La legge istitutiva delle autorità indipendenti compie 30 anni e l’ARERA – Autorità di Regolazione per Energia Reti e Ambiente si appresta a passare dal quarto al quinto collegio. La nomina del nuovo vertice – un presidente, primus inter pares, e quattro componenti – sta guadagnando spazio sulla stampa: diversi nomi si alternano e le indiscrezioni si rincorrono numerose. Accumunate da un incredibile elemento ricorrente.

La storia delle autorità indipendenti italiane – ad eccezione di Banca di Italia, nata a fine ‘800 e Consob e Isvap, istituite rispettivamente nel 1974 e nel 1982 – è relativamente recente: sono nate, infatti, negli anni Novanta del XX secolo e sono il frutto di quel fenomeno che lo storico Luciano Cafagna ha chiamato «la quarantena della politica».
È indubbio, infatti, che in Italia le autorità indipendenti siano riuscite ad affermarsi in conseguenza della profonda crisi che, proprio negli anni ‘90, ha colpito i maggiori partiti politici. È in questo particolare contesto istituzionale che si sono potute radicare formule organizzative estranee alla tradizione e non previste dalla Carta costituzionale.
In questi anni, se da un lato i partiti – ritornati quasi forti – hanno cercato anche con successo di erodere poteri alle autorità indipendenti, dall’altro l’Autorità più attempata, quella per l’energia elettrica e il gas (AEEG), con passare del tempo ha acquisito competenze su nuovi settori. Oggi, infatti, è diventata Autorità di Regolazione per Energia Reti e Ambiente (ARERA) inglobando nel proprio perimetro di azione acqua potabile, teleriscaldamento e teleraffrescamento, smaltimento dei rifiuti.
La legge istitutiva delle autorità indipendenti, la 481/95, quest’anno compie 30 anni e l’ARERA si appresta a passare dal quarto al quinto collegio. In questi giorni la nomina del nuovo vertice – un presidente, primus inter pares, e quattro componenti – sta guadagnando spazio sulla stampa.
Diversi nomi si alternano, con le indiscrezioni che si rincorrono numerose. Accumunate da un incredibile elemento ricorrente: la presenza tra i papabili di parlamentari in carica, con tanto di strategie e calcoli sul seggio che si liberebbe, in un’ideale soluzione win-win per il partito proponente.

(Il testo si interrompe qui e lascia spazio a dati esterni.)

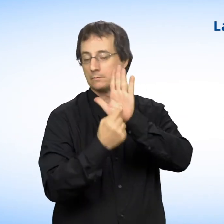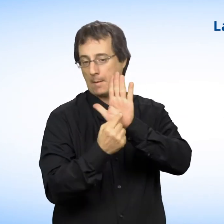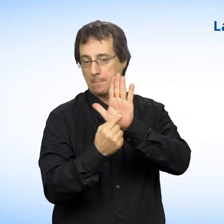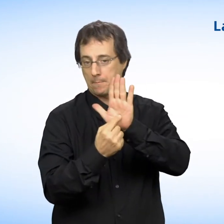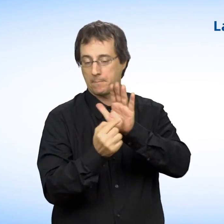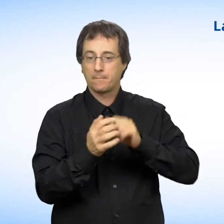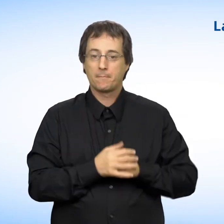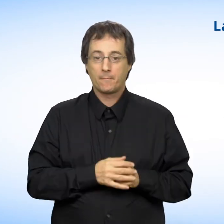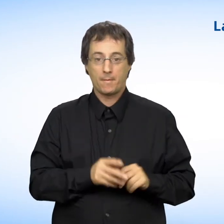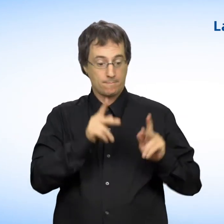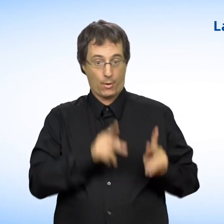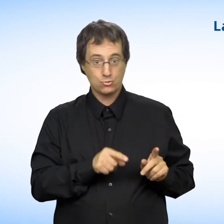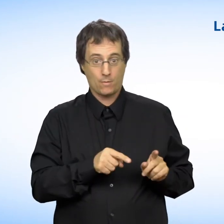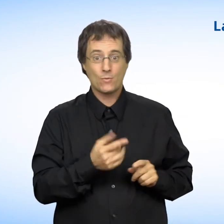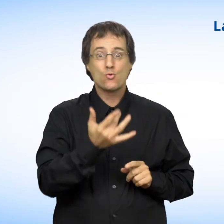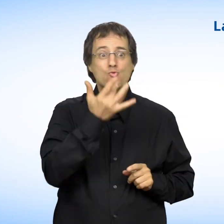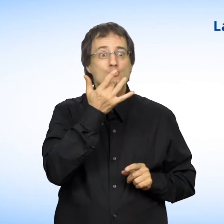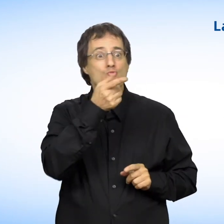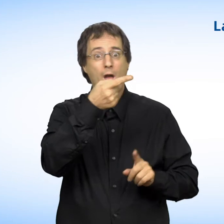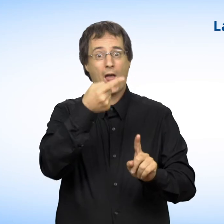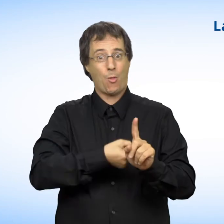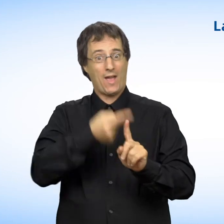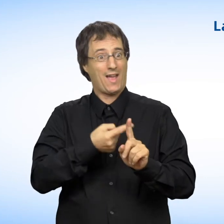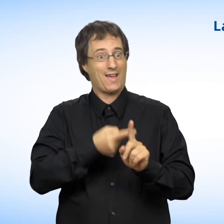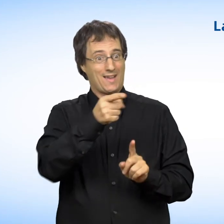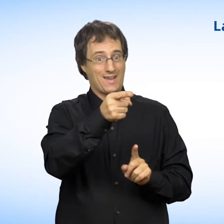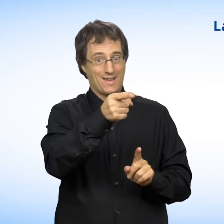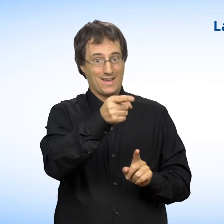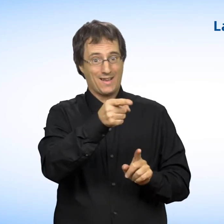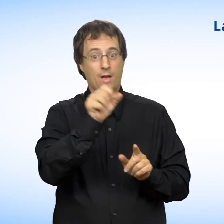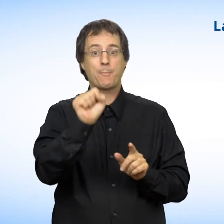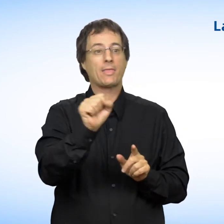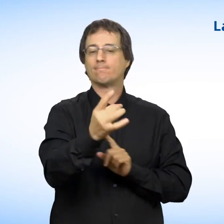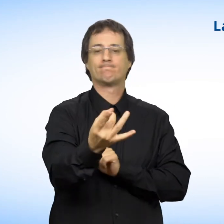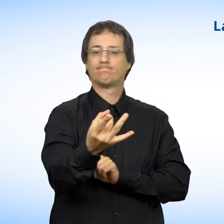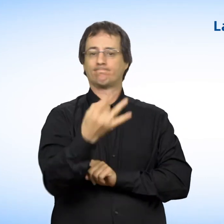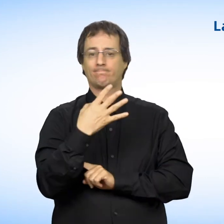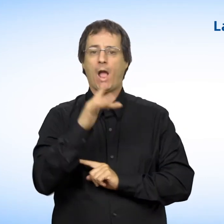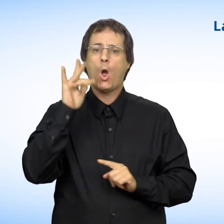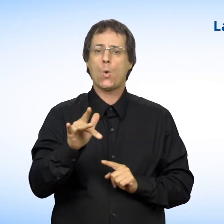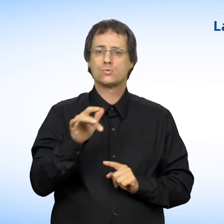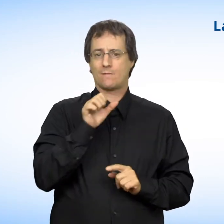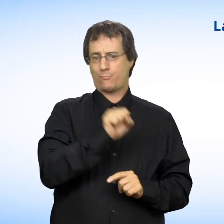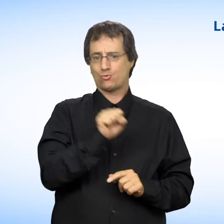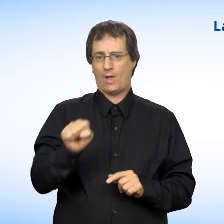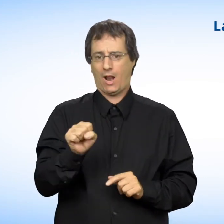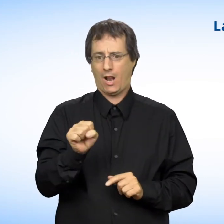Par exemple, on ne peut refuser de vous louer un logement parce que vous recevez des prestations d'aide sociale.

Questo approccio, però – adottato a metà legislatura – oltre a essere, come dire, poco riguardoso dei cittadini che sono andati a votare, pare proprio confliggere con le norme. Quali garanzie di indipendenza può offrire un politico – un politico puro, non un tecnico – che, per necessità di partito, passi direttamente dal parlamento a una Autorità, che dalla politica dev’essere indipendente? «Le Autorità operano in piena autonomia e con indipendenza di giudizio e di valutazione» dice chiaramente la Legge.
Lo stesso iter di nomina, poi – decreto del Presidente della Repubblica, previa deliberazione del Consiglio dei ministri su proposta del Ministro competente, questa volta Gilberto Pichetto Fratin a capo dell’Ambiente e della Sicurezza Energetica – non pare facilmente conciliabile con lo status di parlamentare. Dopo la delibera firmata dal Presidente del Consiglio e prima dell’investitura del Capo dello Stato, è necessario infatti il parere favorevole, con maggioranza dei due terzi, dei membri delle Commissioni 8ª e 9ª del Senato e VIII e X della Camera, fatto che implica la necessità di accordarsi su figure condivise da maggioranza e minoranza.
Arduo ipotizzare che il legislatore abbia previsto che un parlamentare voti per sé stesso o si faccia votare da colleghi di partito per un incarico riservato a «persone dotate di alta e riconosciuta professionalità e competenza nel settore». Come da inequivoca formulazione dell’articolo 2, comma 8, della legge 481.
E non si capisce perché Giorgia Meloni prima e Sergio Mattarella, da ultimo, dovrebbero derogare all’indispensabile requisito di professionalità e competenza (a rigore, preclare) settoriali che dovranno possedere i nuovi componenti del collegio al vertice di ARERA.